=== Entries supplied ===
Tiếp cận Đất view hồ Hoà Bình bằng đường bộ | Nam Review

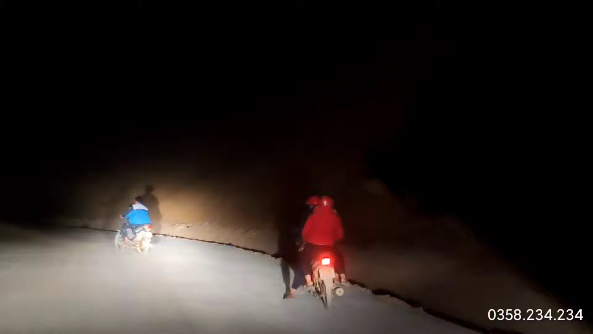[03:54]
Đây là cũng có người dân cũng đi đi nhầm đường, cũng phải quay lại. Rất là hại xe. Mình đúng là sai lầm. Đây là con đường mà bạn ấy dẫn đi đây. Hy vọng là tôi có thể giải quyết được vấn đề này.
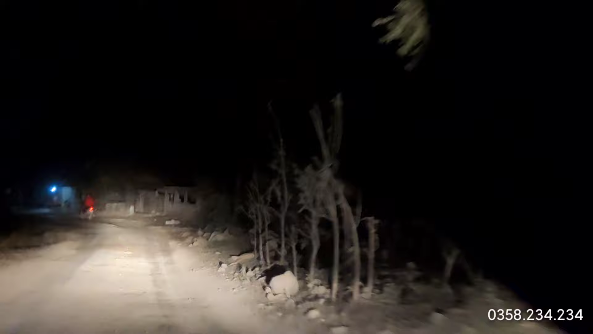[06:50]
Nhưng mà bạn ấy chỉ cho tôi một cái lối rẽ, nhìn nó như kiểu là đi lên một cái ngọn đồi,
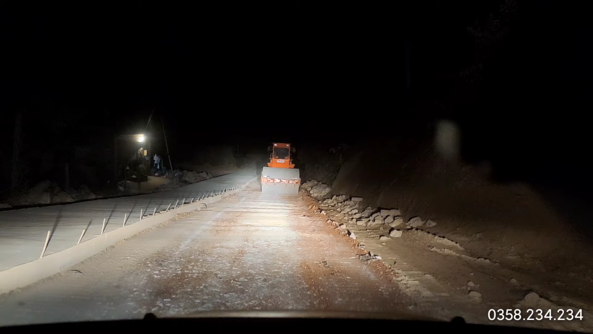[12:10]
Lại gặp trở ngại như thế này, các bạn phải tính sao đây. Không thể đi được. Lùi thôi. Ôi, man thật. Nhiều cạm bẫy quá. Trước không thể biết được là như thế nào. Đều có hai con đường để đi. Nhưng mà đi một con đường thì đến đây lại gặp cái xe lu. Bây giờ lại phải lùi.
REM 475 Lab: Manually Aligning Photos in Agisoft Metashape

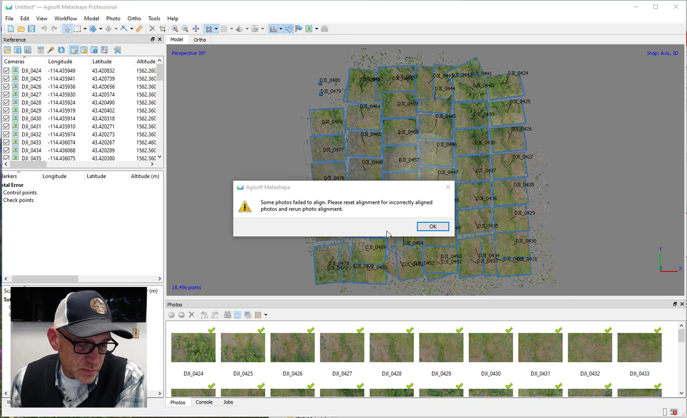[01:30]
frustrating especially if you've you followed all the steps you think you've got a good image set and then just occasionally something goes wrong and they don't align so what do we do with this so first notice that it's aligned everything except for these
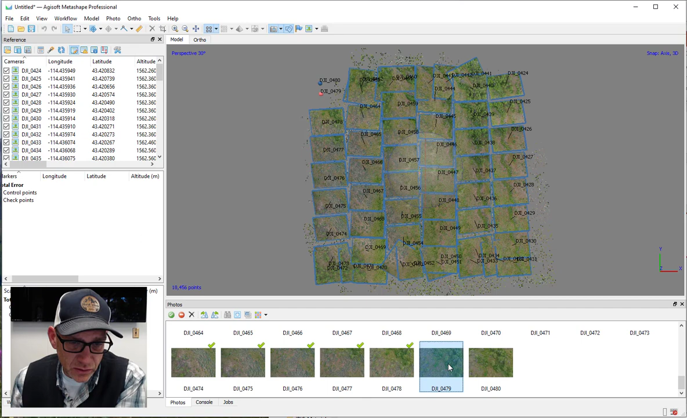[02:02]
take a look at those images so in the bottom of the image tray here's the two that didn't align notice there's no check mark in the in the corner next to them that which is our indicator that they that they are aligned and so let's just open these up and look at them and what I'm looking at first of all is to make sure that they're actually like good quality photos they're not blurry there's not some sort of weird
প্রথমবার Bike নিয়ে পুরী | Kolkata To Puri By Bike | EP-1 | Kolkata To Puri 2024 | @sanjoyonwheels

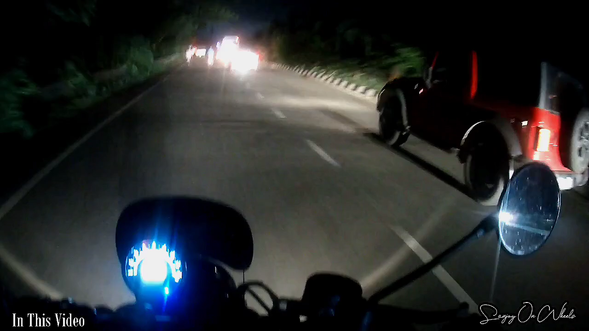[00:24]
ভেবেছিলাম যে 9টা বেজে যাবে, বাট থ্যাঙ্কস টু দিস রোড 9টার আগে আমরা পৌঁছতে পারছি।
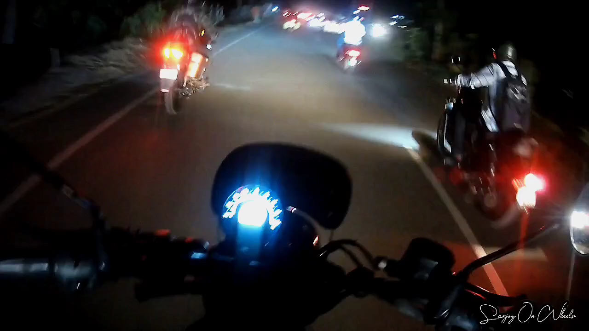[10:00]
তো এখন ঘড়িতে বাজে 7:29, পুরী এখান থেকে আর 55 কিলোমিটার মতো বাকি আছে। অবস্থা
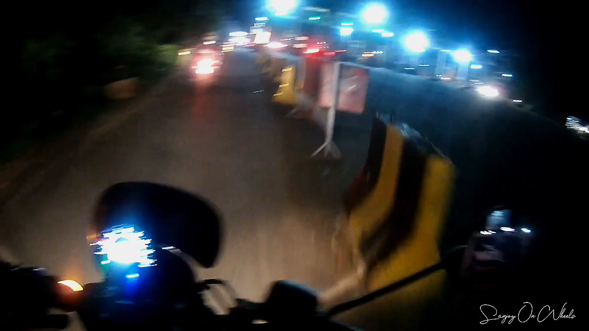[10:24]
পুরী ঢোকার আগে আমরা এই টোল প্লাজাটা পেরোচ্ছি, এটা আজকের দিনের রাইডের 5 নম্বর টোল প্লাজা।
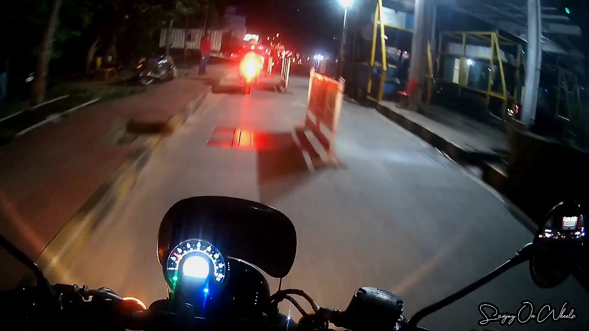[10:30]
পুরী এখান থেকে আর 45 কিলোমিটার। বন্ধু এই মুহূর্তে আমরা ক্রস করছি পুরী রেলওয়ে স্টেশন।
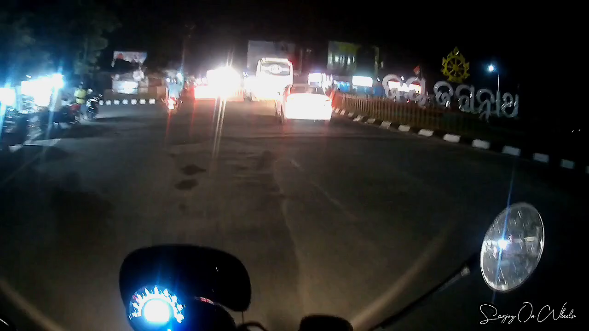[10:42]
লাস্ট 42 কিলোমিটার আমরা খুব ভালো টেনেছি, কারণ অনেকটা রাত হয়ে গেছে, গিয়ে আমাদের আবার হোটেল খুঁজতে হবে, তো এই একটা চাপ তো রয়েছেই। ঘড়িতে এখন বাজে 8:41, আমরা ভেবেছিলাম যে 9টা বেজে যাবে, বাট থ্যাঙ্কস টু দিস রোড, দিস অসম রোড, যে 9টার আগে আমরা পৌঁছতে পারছি।
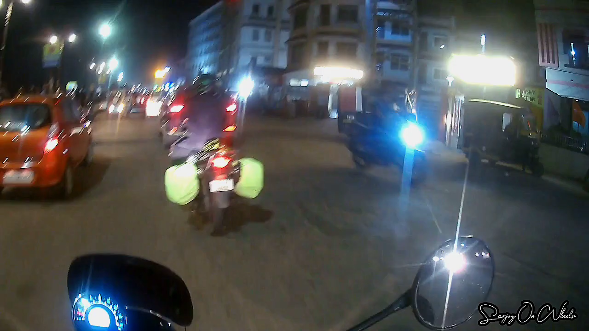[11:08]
সো গাইজ, ফাইনালি আমরা পৌঁছে গেছি পুরীতে, আর আমার বাঁদিকে রয়েছে সমুদ্র, যদিও এখন আমি ঠিক মতো দেখাতে পারছি না,
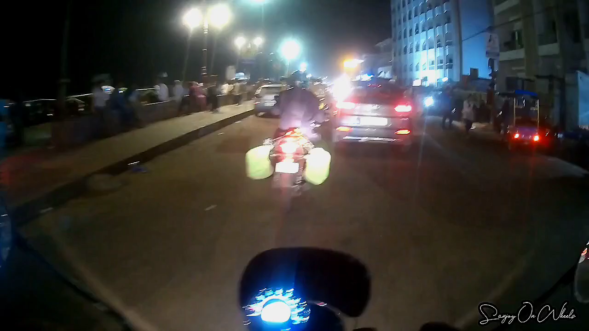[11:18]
কারণ অন্ধকার হয়ে গেছে আর এখানটাতে প্রচুর জ্যাম, তো বাঁদিকটা সেভাবে দেখাতে পারছি না।
===
● **The task**
Print the material above exactly as it appears, but not its pictures.

● **Answer box**
Tiếp cận Đất view hồ Hoà Bình bằng đường bộ | Nam Review

[03:54]
Đây là cũng có người dân cũng đi đi nhầm đường, cũng phải quay lại. Rất là hại xe. Mình đúng là sai lầm. Đây là con đường mà bạn ấy dẫn đi đây. Hy vọng là tôi có thể giải quyết được vấn đề này.
[06:50]
Nhưng mà bạn ấy chỉ cho tôi một cái lối rẽ, nhìn nó như kiểu là đi lên một cái ngọn đồi,
[12:10]
Lại gặp trở ngại như thế này, các bạn phải tính sao đây. Không thể đi được. Lùi thôi. Ôi, man thật. Nhiều cạm bẫy quá. Trước không thể biết được là như thế nào. Đều có hai con đường để đi. Nhưng mà đi một con đường thì đến đây lại gặp cái xe lu. Bây giờ lại phải lùi.
REM 475 Lab: Manually Aligning Photos in Agisoft Metashape

[01:30]
frustrating especially if you've you followed all the steps you think you've got a good image set and then just occasionally something goes wrong and they don't align so what do we do with this so first notice that it's aligned everything except for these
[02:02]
take a look at those images so in the bottom of the image tray here's the two that didn't align notice there's no check mark in the in the corner next to them that which is our indicator that they that they are aligned and so let's just open these up and look at them and what I'm looking at first of all is to make sure that they're actually like good quality photos they're not blurry there's not some sort of weird
প্রথমবার Bike নিয়ে পুরী | Kolkata To Puri By Bike | EP-1 | Kolkata To Puri 2024 | @sanjoyonwheels

[00:24]
ভেবেছিলাম যে 9টা বেজে যাবে, বাট থ্যাঙ্কস টু দিস রোড 9টার আগে আমরা পৌঁছতে পারছি।
[10:00]
তো এখন ঘড়িতে বাজে 7:29, পুরী এখান থেকে আর 55 কিলোমিটার মতো বাকি আছে। অবস্থা
[10:24]
পুরী ঢোকার আগে আমরা এই টোল প্লাজাটা পেরোচ্ছি, এটা আজকের দিনের রাইডের 5 নম্বর টোল প্লাজা।
[10:30]
পুরী এখান থেকে আর 45 কিলোমিটার। বন্ধু এই মুহূর্তে আমরা ক্রস করছি পুরী রেলওয়ে স্টেশন।
[10:42]
লাস্ট 42 কিলোমিটার আমরা খুব ভালো টেনেছি, কারণ অনেকটা রাত হয়ে গেছে, গিয়ে আমাদের আবার হোটেল খুঁজতে হবে, তো এই একটা চাপ তো রয়েছেই। ঘড়িতে এখন বাজে 8:41, আমরা ভেবেছিলাম যে 9টা বেজে যাবে, বাট থ্যাঙ্কস টু দিস রোড, দিস অসম রোড, যে 9টার আগে আমরা পৌঁছতে পারছি।
[11:08]
সো গাইজ, ফাইনালি আমরা পৌঁছে গেছি পুরীতে, আর আমার বাঁদিকে রয়েছে সমুদ্র, যদিও এখন আমি ঠিক মতো দেখাতে পারছি না,
[11:18]
কারণ অন্ধকার হয়ে গেছে আর এখানটাতে প্রচুর জ্যাম, তো বাঁদিকটা সেভাবে দেখাতে পারছি না।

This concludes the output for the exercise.